Create jobs as Custom Scripts from the given template ID. When using the joblib backend with templates, the template must have a very specific form. Refer to the documentation for details.

arguments : dict or None, optional

Dictionary of name/value pairs to use to run this script. Only settable if this script has defined params. See the container scripts API documentation <https://platform.civisanalytics.com/api#resources-scripts> for details.

client : civis.APIClient instance or None, optional

An API Client object to use.

polling_interval : int, optional

The polling interval, in seconds, for checking container script status. If you have many jobs, you may want to set this higher (e.g., 300) to avoid rate-limiting <https://platform.civisanalytics.com/api#basics>. You should only set this if you aren’t using pubnub notifications.

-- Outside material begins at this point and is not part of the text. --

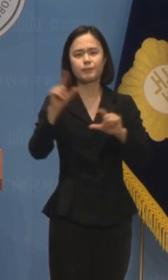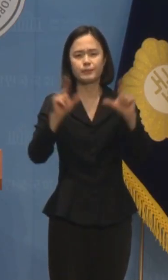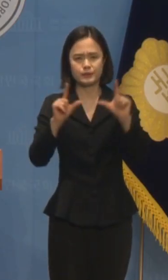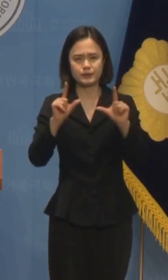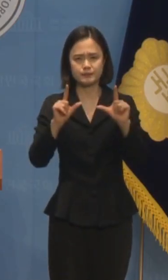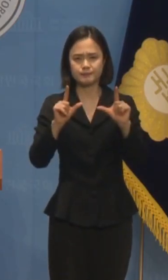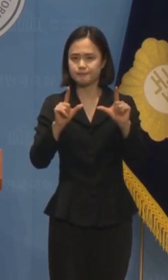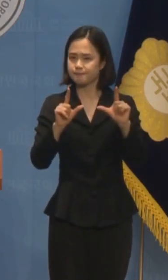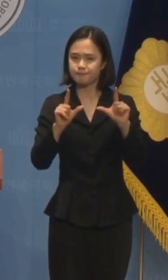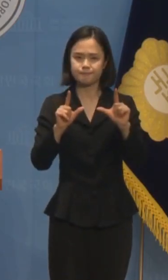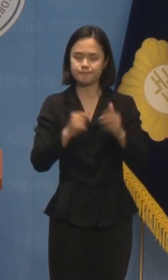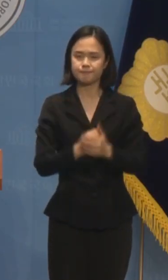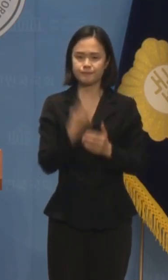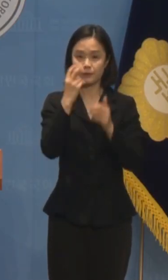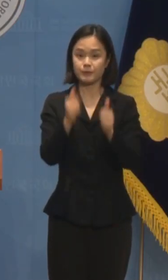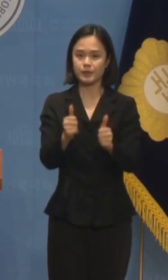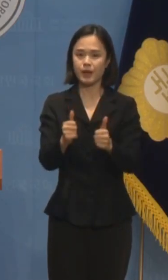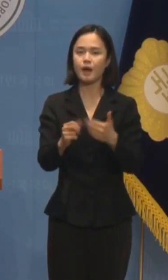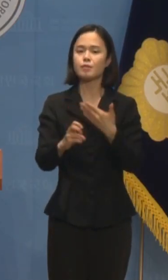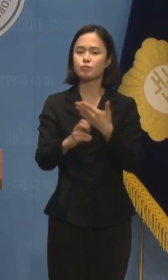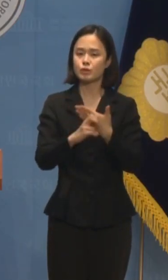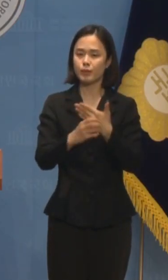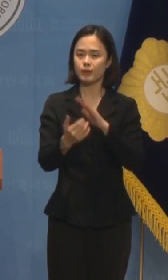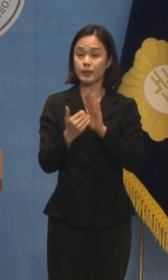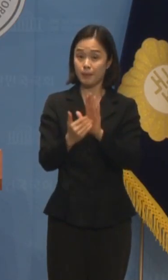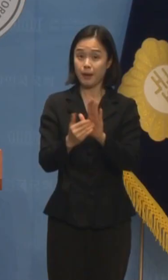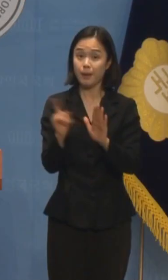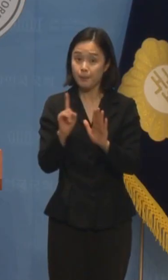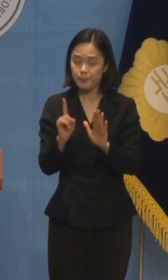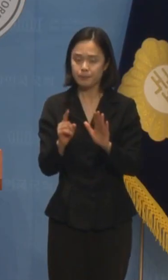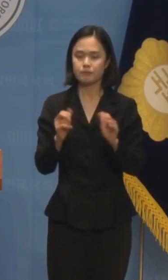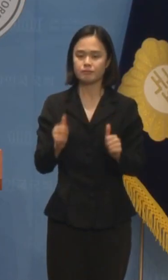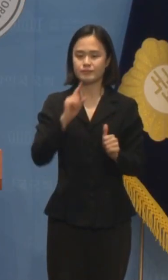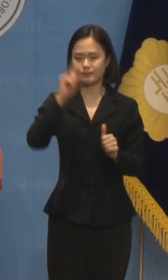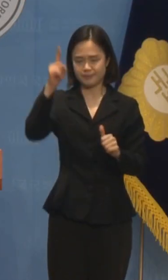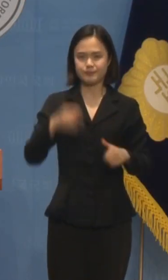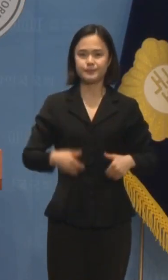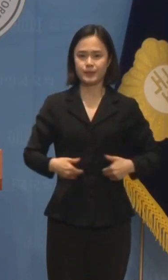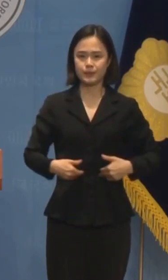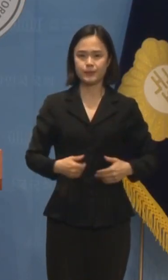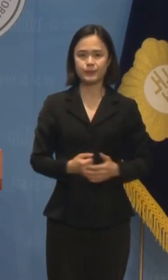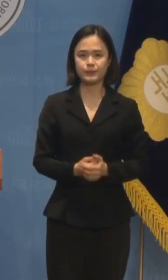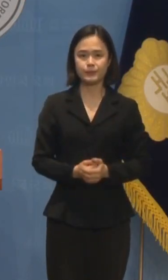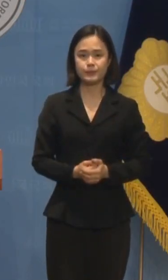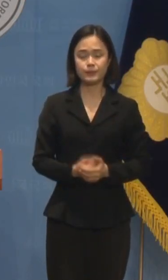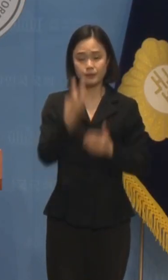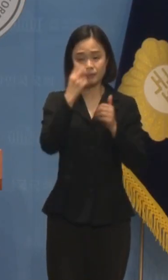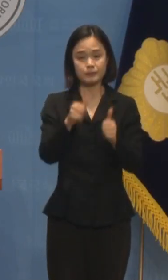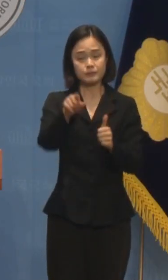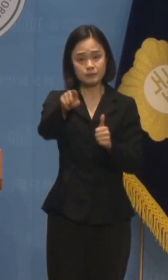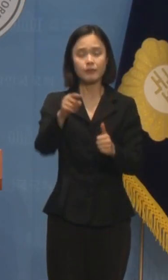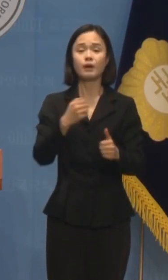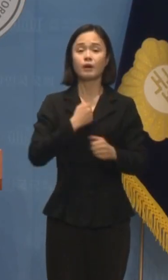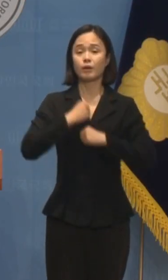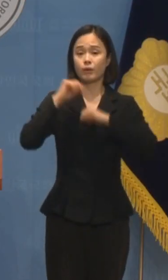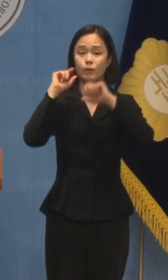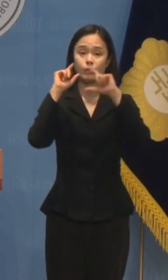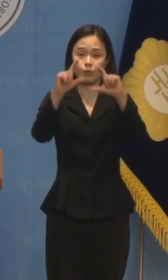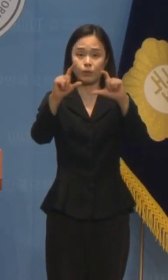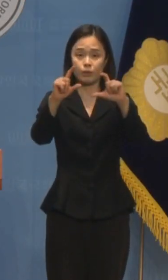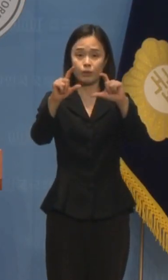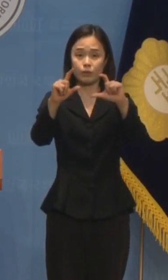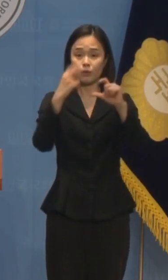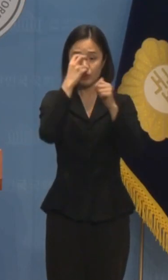그나마 검찰의 불법을 예방할 수 있는 방안입니다. 검찰에게 경고합니다. 더 이상은
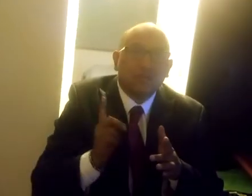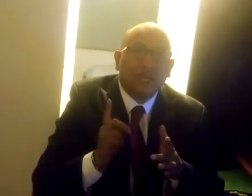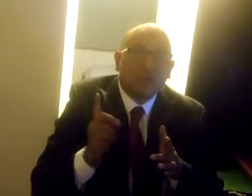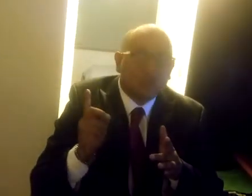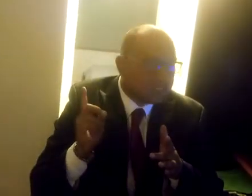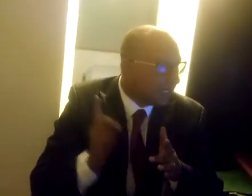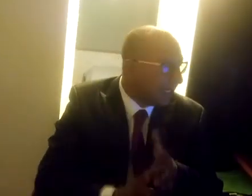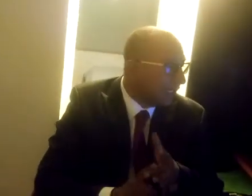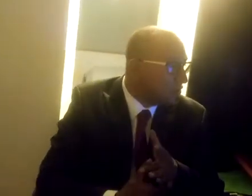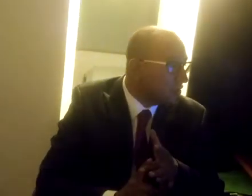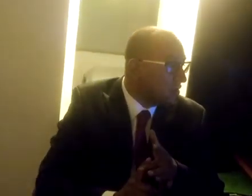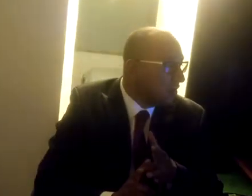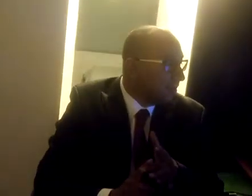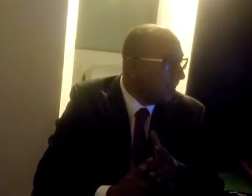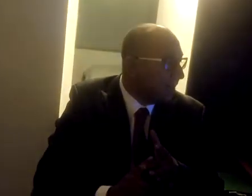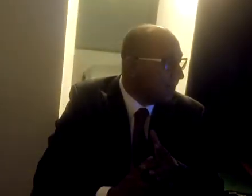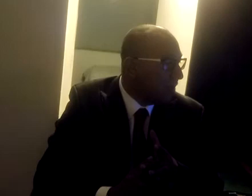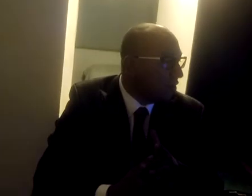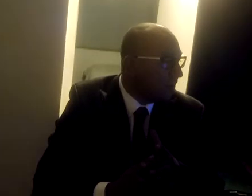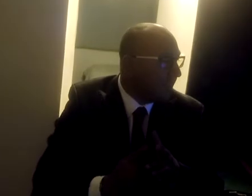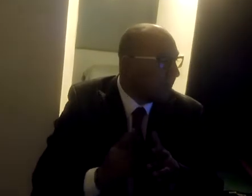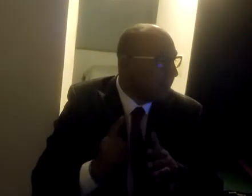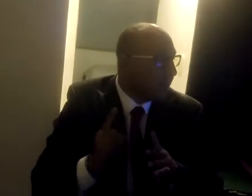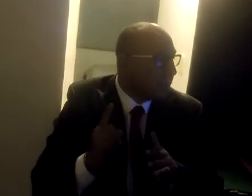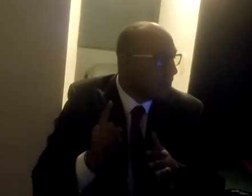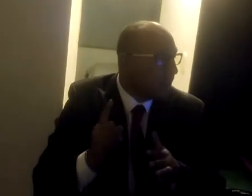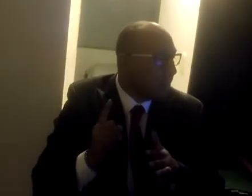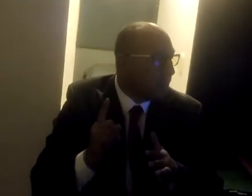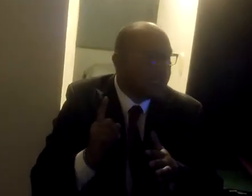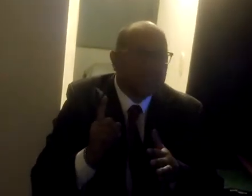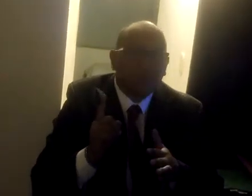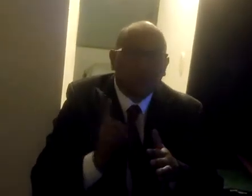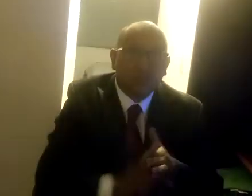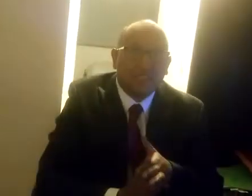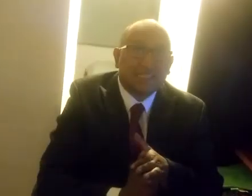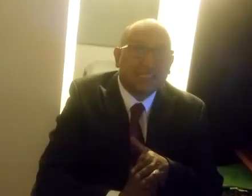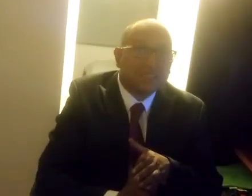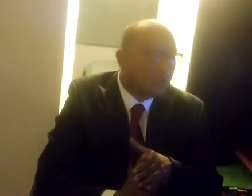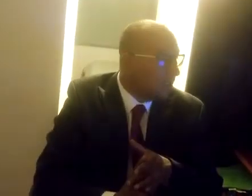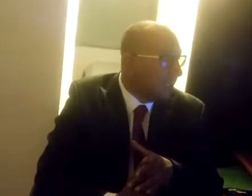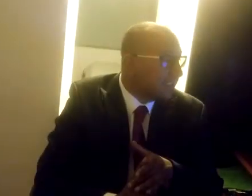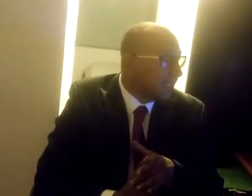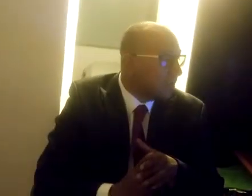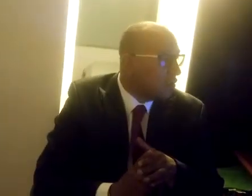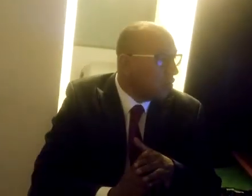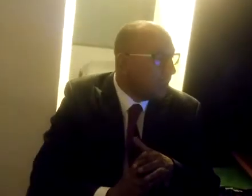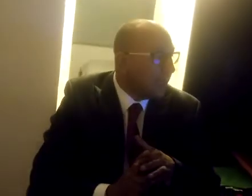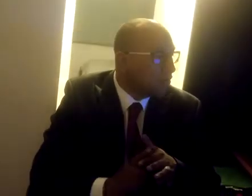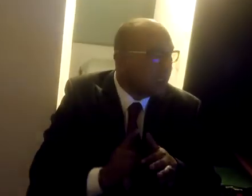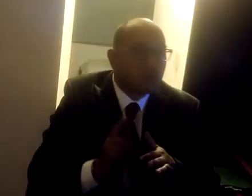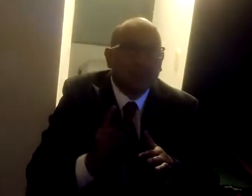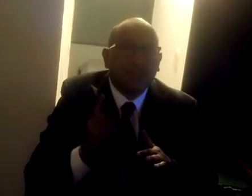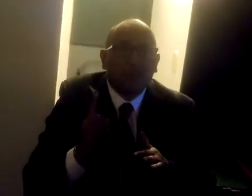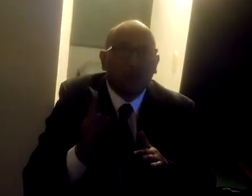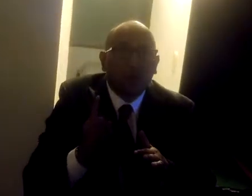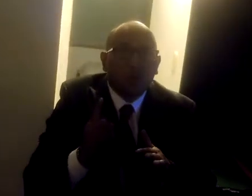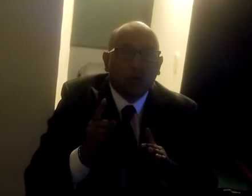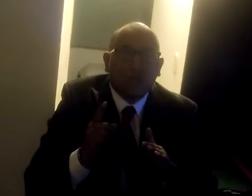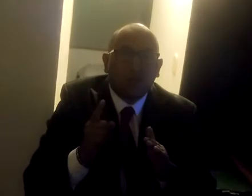sucede con los extranjeros en medio de la implementación de políticas proteccionistas, estando lejos del concepto con el

max_submit_retries : int, optional

The maximum number of retries for submitting each job. This is to help avoid a large set of jobs failing because of a single 5xx error. A value higher than zero should only be used for jobs that are idempotent (i.e., jobs whose result and side effects are the same regardless of whether they are run once or many times).

max_job_retries : int, optional

Retry failed jobs this number of times before giving up. Even more than with max_submit_retries, this should only be used for jobs which are idempotent, as the job may have caused side effects (if any) before failing. These retries assist with jobs which may have failed because of network or worker failures.

hidden: bool, optional

The hidden status of the object. Setting this to true hides it from most API endpoints. The object can still be queried directly by ID. Defaults to True.